◆ **Task statement**
The finished copy must match the records exactly, except that it contains no pictures.

[Start of Attachment]

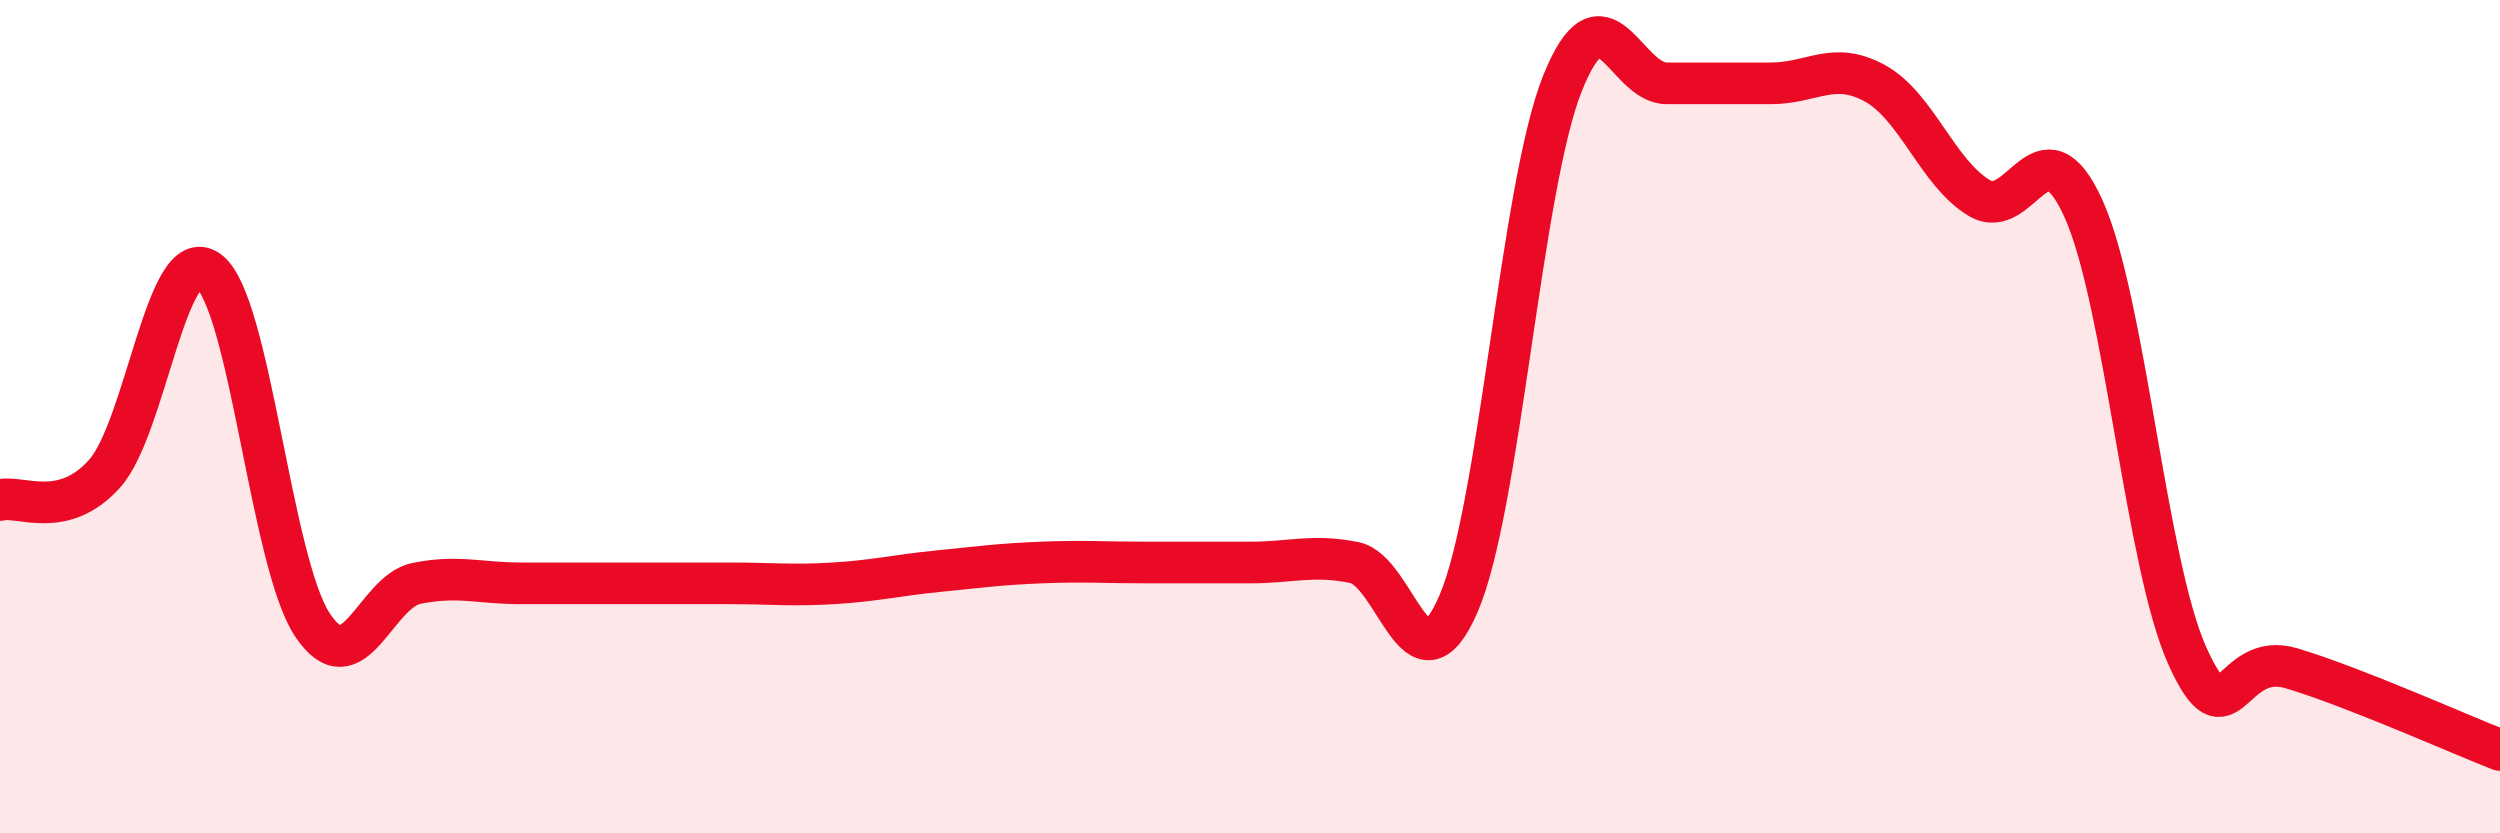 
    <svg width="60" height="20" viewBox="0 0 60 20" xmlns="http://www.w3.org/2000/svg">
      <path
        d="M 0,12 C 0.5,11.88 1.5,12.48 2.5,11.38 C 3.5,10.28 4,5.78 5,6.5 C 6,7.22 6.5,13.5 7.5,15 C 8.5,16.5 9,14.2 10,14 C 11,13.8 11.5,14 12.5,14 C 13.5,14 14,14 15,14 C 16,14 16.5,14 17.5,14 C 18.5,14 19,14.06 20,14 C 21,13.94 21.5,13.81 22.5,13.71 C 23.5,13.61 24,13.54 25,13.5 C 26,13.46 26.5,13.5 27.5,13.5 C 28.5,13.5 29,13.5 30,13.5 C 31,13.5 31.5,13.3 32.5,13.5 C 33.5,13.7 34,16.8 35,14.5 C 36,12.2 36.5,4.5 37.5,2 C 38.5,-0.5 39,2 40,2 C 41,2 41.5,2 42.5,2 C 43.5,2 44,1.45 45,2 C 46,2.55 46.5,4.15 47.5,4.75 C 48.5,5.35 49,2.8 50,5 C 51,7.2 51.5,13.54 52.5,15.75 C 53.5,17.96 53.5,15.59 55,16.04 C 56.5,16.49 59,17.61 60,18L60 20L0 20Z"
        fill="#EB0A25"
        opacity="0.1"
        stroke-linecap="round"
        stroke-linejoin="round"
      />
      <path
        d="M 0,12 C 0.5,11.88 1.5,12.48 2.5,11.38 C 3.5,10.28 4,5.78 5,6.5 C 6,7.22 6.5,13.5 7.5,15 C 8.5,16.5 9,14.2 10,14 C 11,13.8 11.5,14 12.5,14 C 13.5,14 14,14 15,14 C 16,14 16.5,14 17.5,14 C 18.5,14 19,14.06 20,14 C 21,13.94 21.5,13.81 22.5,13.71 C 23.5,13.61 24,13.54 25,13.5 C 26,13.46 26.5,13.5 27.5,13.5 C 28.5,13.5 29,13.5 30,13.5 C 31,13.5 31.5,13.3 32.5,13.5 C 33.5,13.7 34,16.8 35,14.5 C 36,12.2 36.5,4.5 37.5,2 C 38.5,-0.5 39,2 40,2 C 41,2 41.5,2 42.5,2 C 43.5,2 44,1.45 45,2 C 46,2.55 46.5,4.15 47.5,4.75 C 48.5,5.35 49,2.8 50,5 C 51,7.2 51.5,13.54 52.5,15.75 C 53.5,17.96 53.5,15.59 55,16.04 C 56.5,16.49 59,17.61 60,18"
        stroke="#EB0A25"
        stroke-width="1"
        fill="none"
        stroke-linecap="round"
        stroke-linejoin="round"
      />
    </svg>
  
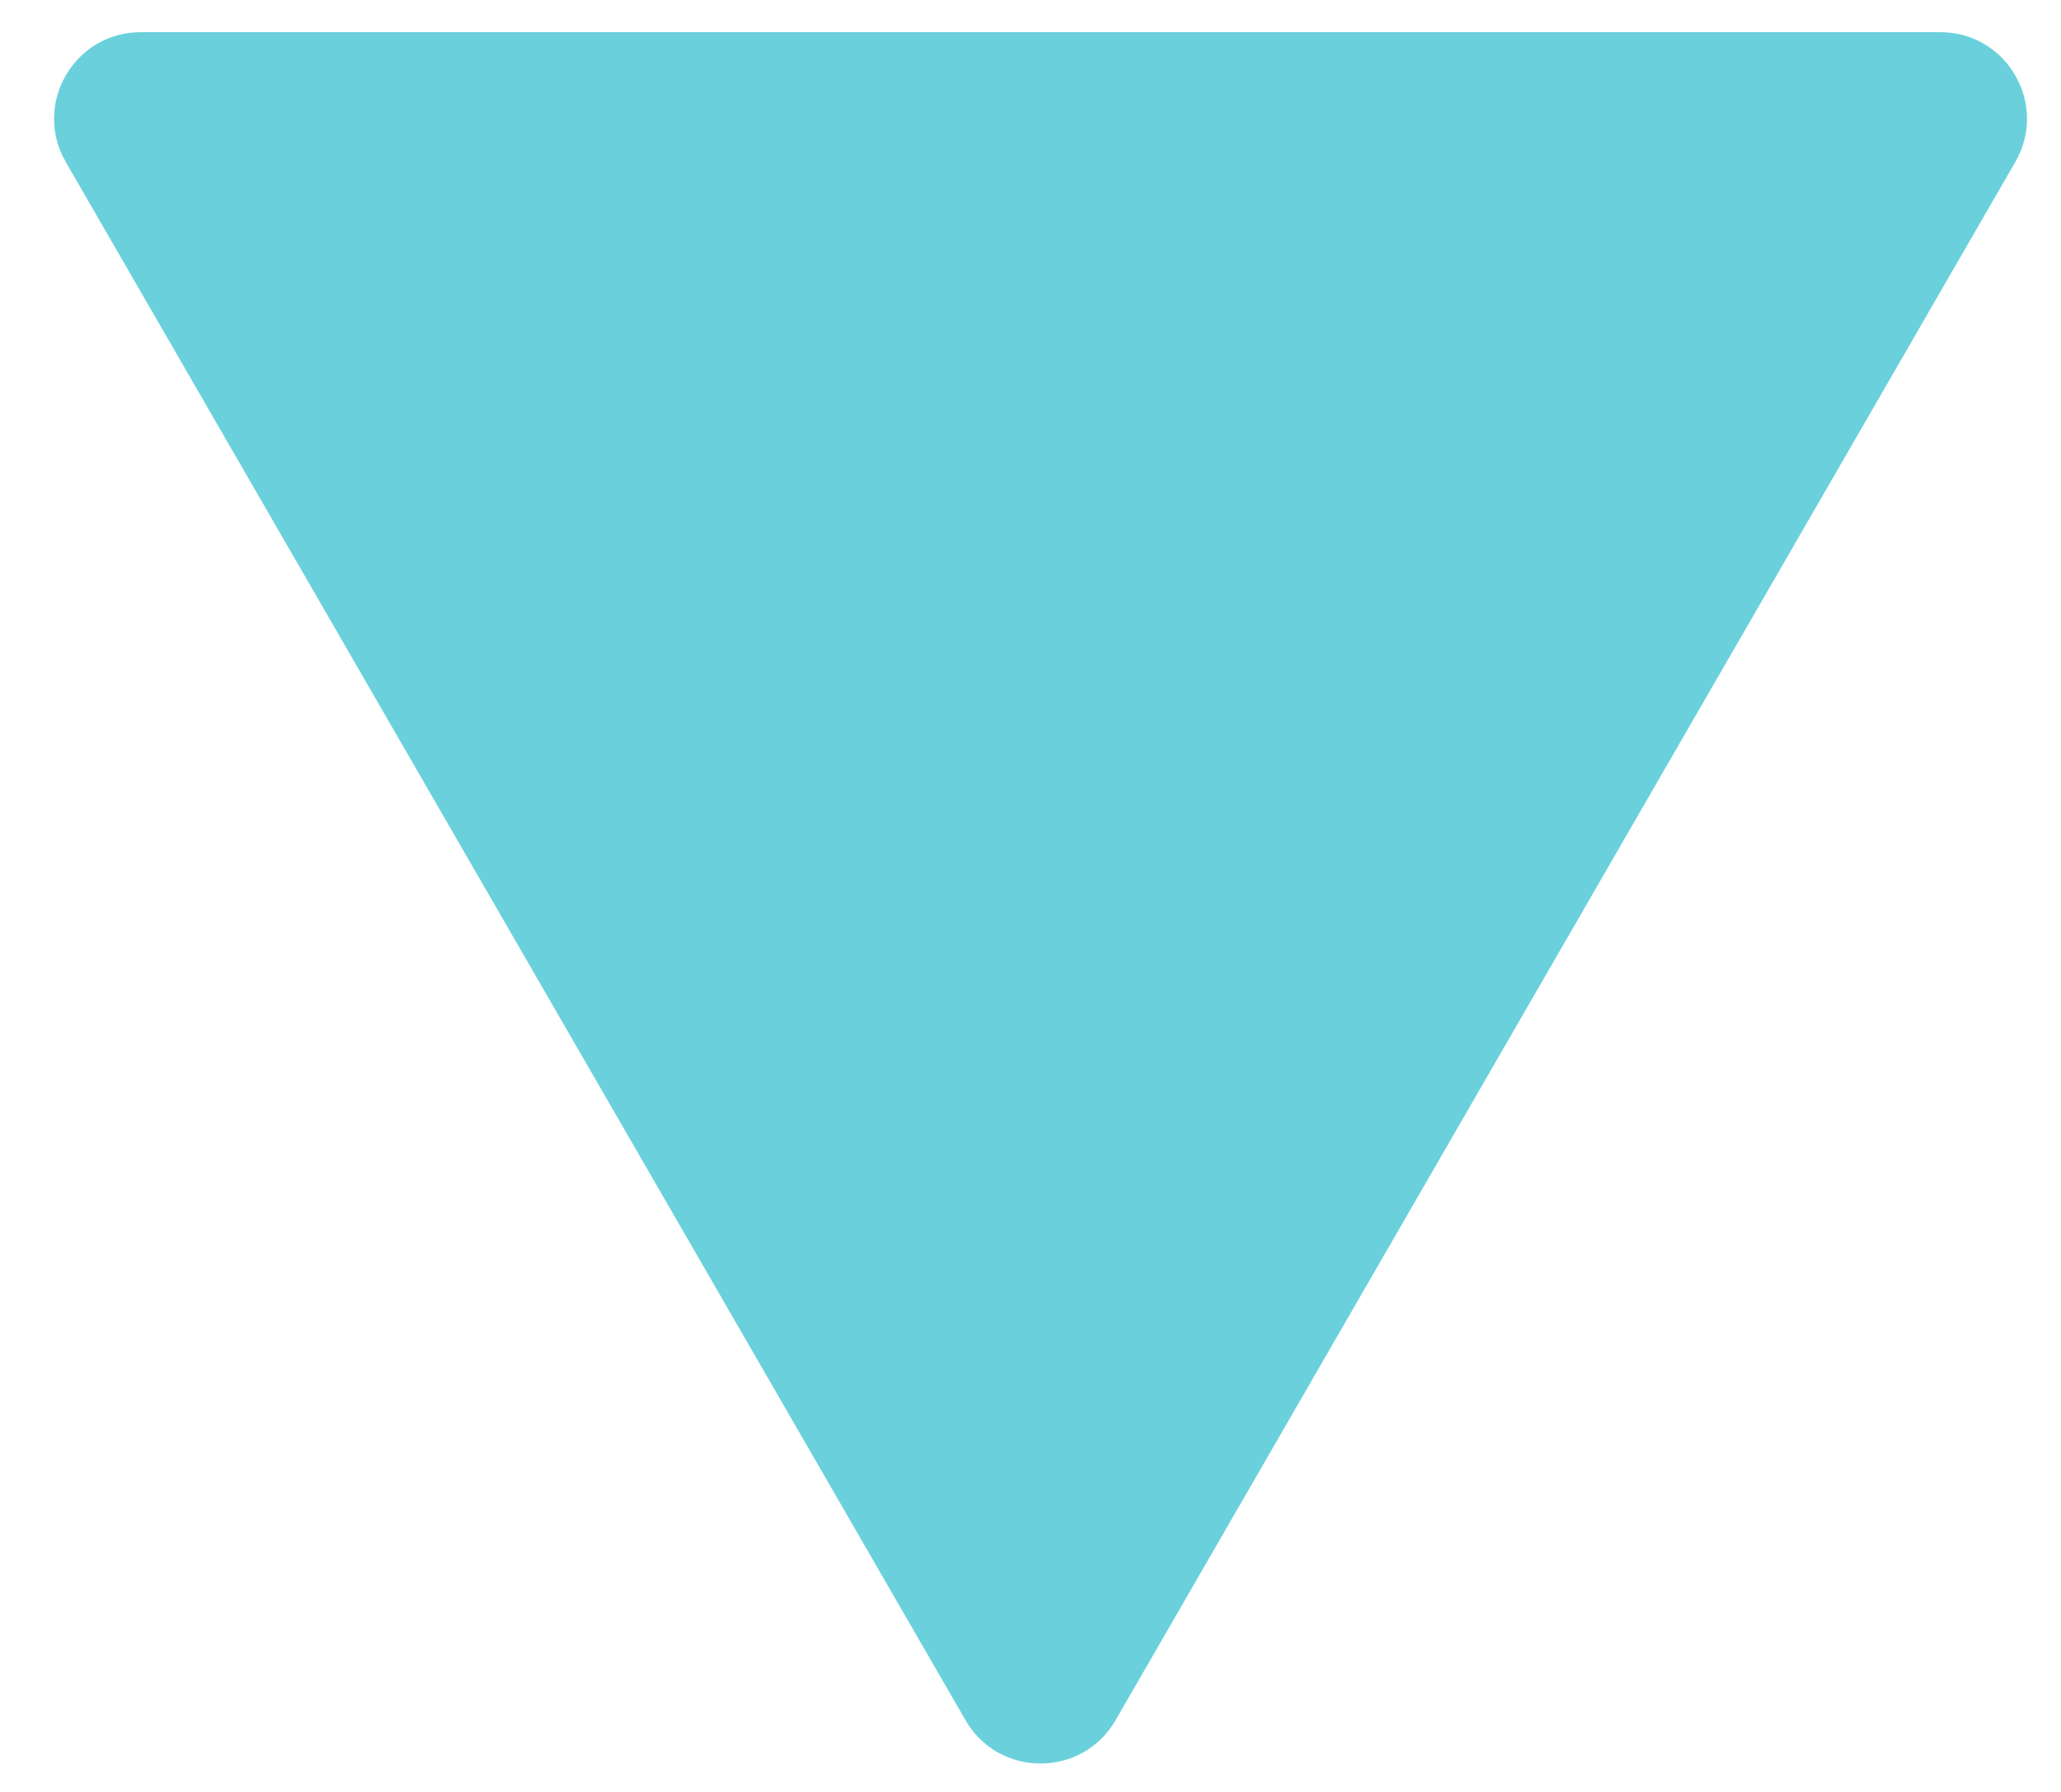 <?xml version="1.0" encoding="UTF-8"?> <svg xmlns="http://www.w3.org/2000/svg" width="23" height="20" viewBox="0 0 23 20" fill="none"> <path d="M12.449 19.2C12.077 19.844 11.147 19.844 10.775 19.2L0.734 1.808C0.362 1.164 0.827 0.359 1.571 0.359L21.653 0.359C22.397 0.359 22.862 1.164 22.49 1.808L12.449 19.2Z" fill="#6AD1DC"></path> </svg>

[End of Attachment]

◆ **Exercise response**
    <svg width="60" height="20" viewBox="0 0 60 20" xmlns="http://www.w3.org/2000/svg">
      <path
        d="M 0,12 C 0.5,11.88 1.5,12.48 2.5,11.38 C 3.5,10.28 4,5.78 5,6.5 C 6,7.22 6.5,13.5 7.5,15 C 8.5,16.5 9,14.2 10,14 C 11,13.8 11.5,14 12.5,14 C 13.5,14 14,14 15,14 C 16,14 16.5,14 17.5,14 C 18.5,14 19,14.06 20,14 C 21,13.94 21.5,13.81 22.5,13.71 C 23.5,13.61 24,13.54 25,13.5 C 26,13.46 26.5,13.5 27.5,13.5 C 28.5,13.5 29,13.5 30,13.5 C 31,13.5 31.5,13.3 32.5,13.5 C 33.5,13.7 34,16.8 35,14.5 C 36,12.2 36.5,4.5 37.5,2 C 38.5,-0.5 39,2 40,2 C 41,2 41.5,2 42.5,2 C 43.5,2 44,1.45 45,2 C 46,2.55 46.5,4.15 47.5,4.75 C 48.5,5.35 49,2.8 50,5 C 51,7.2 51.5,13.54 52.5,15.75 C 53.5,17.96 53.5,15.59 55,16.04 C 56.5,16.49 59,17.61 60,18L60 20L0 20Z"
        fill="#EB0A25"
        opacity="0.1"
        stroke-linecap="round"
        stroke-linejoin="round"
      />
      <path
        d="M 0,12 C 0.5,11.88 1.5,12.48 2.5,11.38 C 3.5,10.28 4,5.78 5,6.5 C 6,7.22 6.5,13.5 7.5,15 C 8.5,16.5 9,14.2 10,14 C 11,13.8 11.5,14 12.5,14 C 13.5,14 14,14 15,14 C 16,14 16.5,14 17.5,14 C 18.5,14 19,14.06 20,14 C 21,13.94 21.5,13.81 22.5,13.71 C 23.5,13.61 24,13.54 25,13.5 C 26,13.46 26.5,13.5 27.5,13.5 C 28.5,13.5 29,13.5 30,13.5 C 31,13.5 31.5,13.3 32.5,13.5 C 33.5,13.7 34,16.8 35,14.5 C 36,12.2 36.5,4.5 37.5,2 C 38.5,-0.5 39,2 40,2 C 41,2 41.5,2 42.5,2 C 43.5,2 44,1.45 45,2 C 46,2.55 46.5,4.15 47.5,4.75 C 48.5,5.35 49,2.8 50,5 C 51,7.2 51.5,13.54 52.5,15.75 C 53.5,17.96 53.5,15.59 55,16.04 C 56.5,16.49 59,17.61 60,18"
        stroke="#EB0A25"
        stroke-width="1"
        fill="none"
        stroke-linecap="round"
        stroke-linejoin="round"
      />
    </svg>
  
 <?xml version="1.0" encoding="UTF-8"?> <svg xmlns="http://www.w3.org/2000/svg" width="23" height="20" viewBox="0 0 23 20" fill="none"> <path d="M12.449 19.2C12.077 19.844 11.147 19.844 10.775 19.2L0.734 1.808C0.362 1.164 0.827 0.359 1.571 0.359L21.653 0.359C22.397 0.359 22.862 1.164 22.49 1.808L12.449 19.2Z" fill="#6AD1DC"></path> </svg>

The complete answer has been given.